If TCS is the resident's outward-remittance wrinkle, the CA certificate is the NRI's. It is not a tax; it is the declaration-plus-certificate that tells the tax department your cross-border payment of India-sourced money is tax-clean before it leaves. Two parts: the CA certificate examines the income, confirms the correct treatment, confirms TDS or self-assessment tax has been deducted or paid, and certifies compliance with the Income Tax Act and FEMA; your own online declaration on the portal then draws on that certificate. The order is fixed, certificate first, declaration second, then the bank acts.

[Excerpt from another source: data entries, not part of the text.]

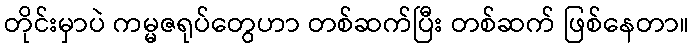
တိုင်းမှာပဲ ကမ္မဇရုပ်တွေဟာ တစ်ဆက်ပြီး တစ်ဆက် ဖြစ်နေတာ။
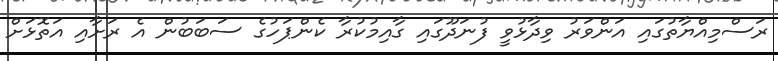
ރަސްމިއްޔާތުގައި އަންވަރު ވިދާޅުވީ ފުނަދޫގައި ގާއިމުކުރާ ކެންޕަހުގެ ސަބަބުން އެ ރަށާއި އަތޮޅަށް
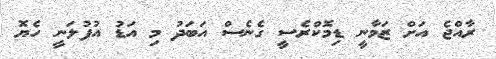
ރާއްޖެ އަށް ޒަމާނީ ޑިމޮކްރެސީ ގެނެސް އަބަދު މި އަޑު އުފުލަނީ ހެޔޮ
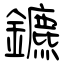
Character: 鑣
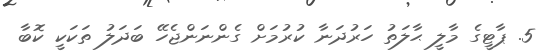
5. ޕާޓީގެ މާލީ ޙާލަތު ހަރުދަނާ ކުރުމަށް ގެންނަންޖެހޭ ބަދަލު ތަކަކީ ކޮބާ
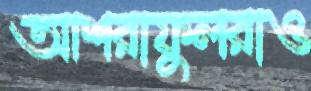
আশরাফুলরাও
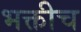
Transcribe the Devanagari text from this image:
भक्तीच
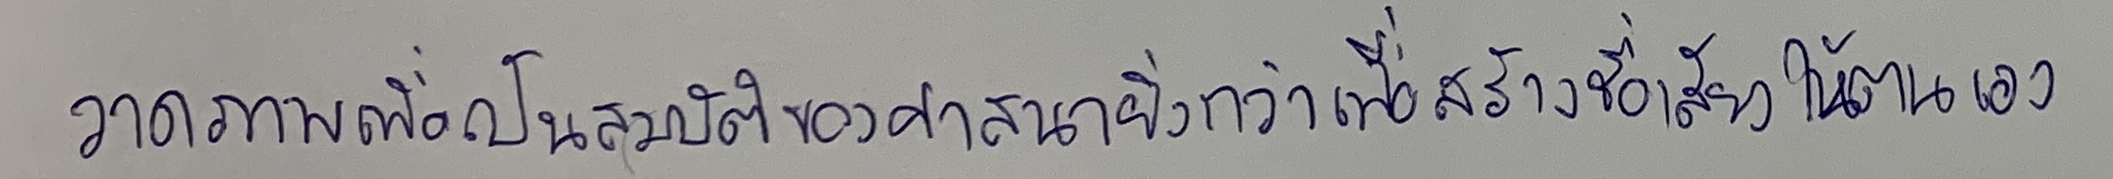
วาดภาพเพื่อเป็นสมบัติของศาสนายิ่งกว่าเพื่อสร้างชื่อเสียงให้ตนเอง
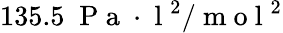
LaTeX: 135.5\; \mathrm{~P~a~}\cdot\mathrm{~l~}^{2}/\mathrm{~m~o~l~}^{2}
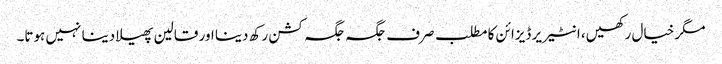
مگر خیال رکھیں، انٹیریر ڈیزائن کا مطلب صرف جگہ جگہ کشن رکھ دینا اور قالین پھیلا دینا نہیں ہوتا۔
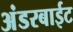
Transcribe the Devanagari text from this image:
अंडरबाईट
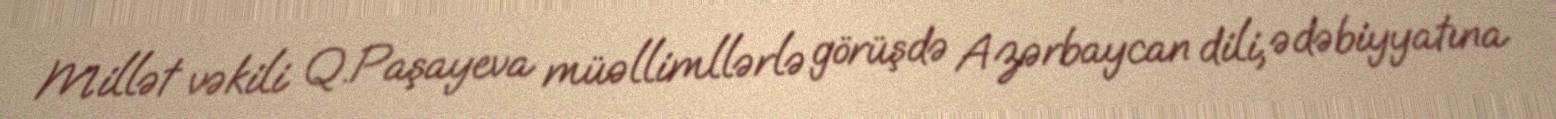
Millət vəkili Q.Paşayeva müəllimllərlə görüşdə Azərbaycan dili, ədəbiyyatına
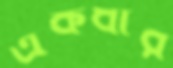
একধার
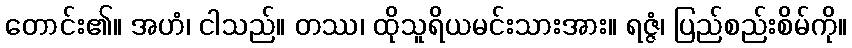
တောင်း၏။ အဟံ၊ ငါသည်။ တဿ၊ ထိုသူရိယမင်းသားအား။ ရဇ္ဇံ၊ ပြည်စည်းစိမ်ကို။
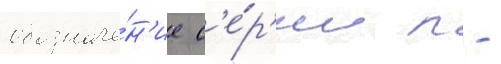
обозначе́н'ие с'е́р'ии п -
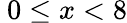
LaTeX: \ 0\leq x<8
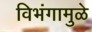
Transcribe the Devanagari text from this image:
विभंगामुळे
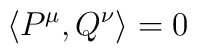
\left\langle P^{\mu },Q^{\nu }\right\rangle =0
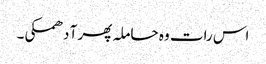
اس رات وہ حاملہ پھر آ دھمکی۔
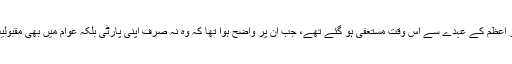
کیون رڈ رواں سال چوبیس جون کو وزیر اعظم کے عہدے سے اس وقت مستعفی ہو گئے تھے، جب ان پر واضح ہوا تھا کہ وہ نہ صرف اپنی پارٹی بلکہ عوام میں بھی مقبولیت برقرار رکھنے میں ناکام ہو گئے ہیں۔
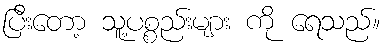
ပြီးတော့ သူ့ပစ္စည်းများ ကို ရေသည်။
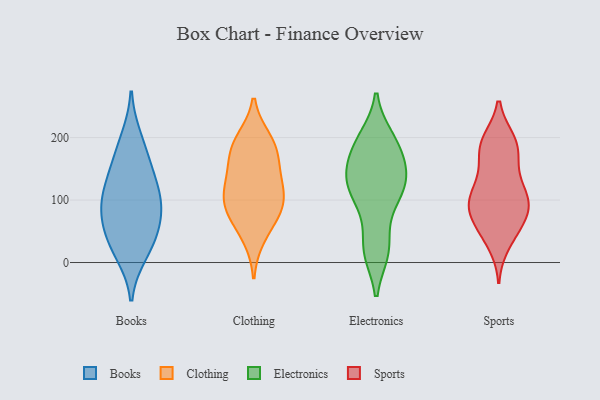
{"axis": {"x": "Satisfaction Score", "y": "Value"}, "legend": ["Books", "Clothing", "Electronics", "Sports"], "data": [{"x": "", "y": 145, "type": "Books"}, {"x": "", "y": 105, "type": "Books"}, {"x": "", "y": 166, "type": "Books"}, {"x": "", "y": 85, "type": "Books"}, {"x": "", "y": 56, "type": "Books"}, {"x": "", "y": 15, "type": "Books"}, {"x": "", "y": 117, "type": "Books"}, {"x": "", "y": 26, "type": "Books"}, {"x": "", "y": 94, "type": "Books"}, {"x": "", "y": 198, "type": "Books"}, {"x": "", "y": 53, "type": "Books"}, {"x": "", "y": 119, "type": "Clothing"}, {"x": "", "y": 196, "type": "Clothing"}, {"x": "", "y": 86, "type": "Clothing"}, {"x": "", "y": 183, "type": "Clothing"}, {"x": "", "y": 80, "type": "Clothing"}, {"x": "", "y": 84, "type": "Clothing"}, {"x": "", "y": 41, "type": "Clothing"}, {"x": "", "y": 156, "type": "Clothing"}, {"x": "", "y": 132, "type": "Clothing"}, {"x": "", "y": 110, "type": "Clothing"}, {"x": "", "y": 185, "type": "Clothing"}, {"x": "", "y": 112, "type": "Electronics"}, {"x": "", "y": 113, "type": "Electronics"}, {"x": "", "y": 162, "type": "Electronics"}, {"x": "", "y": 193, "type": "Electronics"}, {"x": "", "y": 199, "type": "Electronics"}, {"x": "", "y": 19, "type": "Electronics"}, {"x": "", "y": 79, "type": "Electronics"}, {"x": "", "y": 167, "type": "Electronics"}, {"x": "", "y": 131, "type": "Electronics"}, {"x": "", "y": 149, "type": "Electronics"}, {"x": "", "y": 18, "type": "Electronics"}, {"x": "", "y": 123, "type": "Electronics"}, {"x": "", "y": 126, "type": "Electronics"}, {"x": "", "y": 22, "type": "Electronics"}, {"x": "", "y": 194, "type": "Electronics"}, {"x": "", "y": 101, "type": "Sports"}, {"x": "", "y": 194, "type": "Sports"}, {"x": "", "y": 67, "type": "Sports"}, {"x": "", "y": 195, "type": "Sports"}, {"x": "", "y": 116, "type": "Sports"}, {"x": "", "y": 92, "type": "Sports"}, {"x": "", "y": 81, "type": "Sports"}, {"x": "", "y": 116, "type": "Sports"}, {"x": "", "y": 95, "type": "Sports"}, {"x": "", "y": 192, "type": "Sports"}, {"x": "", "y": 80, "type": "Sports"}, {"x": "", "y": 157, "type": "Sports"}, {"x": "", "y": 175, "type": "Sports"}, {"x": "", "y": 53, "type": "Sports"}, {"x": "", "y": 184, "type": "Sports"}, {"x": "", "y": 45, "type": "Sports"}, {"x": "", "y": 94, "type": "Sports"}, {"x": "", "y": 30, "type": "Sports"}, {"x": "", "y": 133, "type": "Sports"}]}
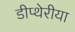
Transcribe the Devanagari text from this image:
डीप्थेरीया
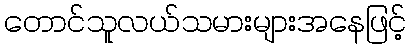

You need the full pairing, the CA certificate plus the declaration's detailed part, once your taxable remittances cross Rs 5,00,000 in aggregate for the financial year and you do not hold a special Assessing Officer order. Below that, or where the income is genuinely not taxable, lighter parts of the declaration suffice and the certificate may not be required. In practice almost any serious NRO repatriation clears Rs 5 lakh, so banks treat the CA certificate as standard and will not release funds without the acknowledgement.

Now the change you cannot afford to get wrong in 2026. Under the Income Tax Act, 2025, in force from April 1, 2026, these forms are renamed and relocated. Form 15CA becomes Form 145 and Form 15CB becomes Form 146, now sitting under Section 395 of the Income Tax Act, 2025 and Rule 220 of the Income Tax Rules, 2026. The architecture is unchanged: same declaration-plus-certificate, same Rs 5 lakh trigger for the certificate (now Part C of Form 145), same online portal. Only the labels and citations move. The trap is purely operational and date-driven: a remittance actually made on or before March 31, 2026 stays valid on the old 15CA/15CB, while a remittance made on or after April 1, 2026 must use Form 145 and 146. File the wrong vintage, or skip it, and you face a penalty of up to Rs 1,00,000 under Section 462 of the new Act, plus a bank that simply will not move your money. If your remittance straddles that date, the date of the actual transfer governs, not the date you engaged your CA.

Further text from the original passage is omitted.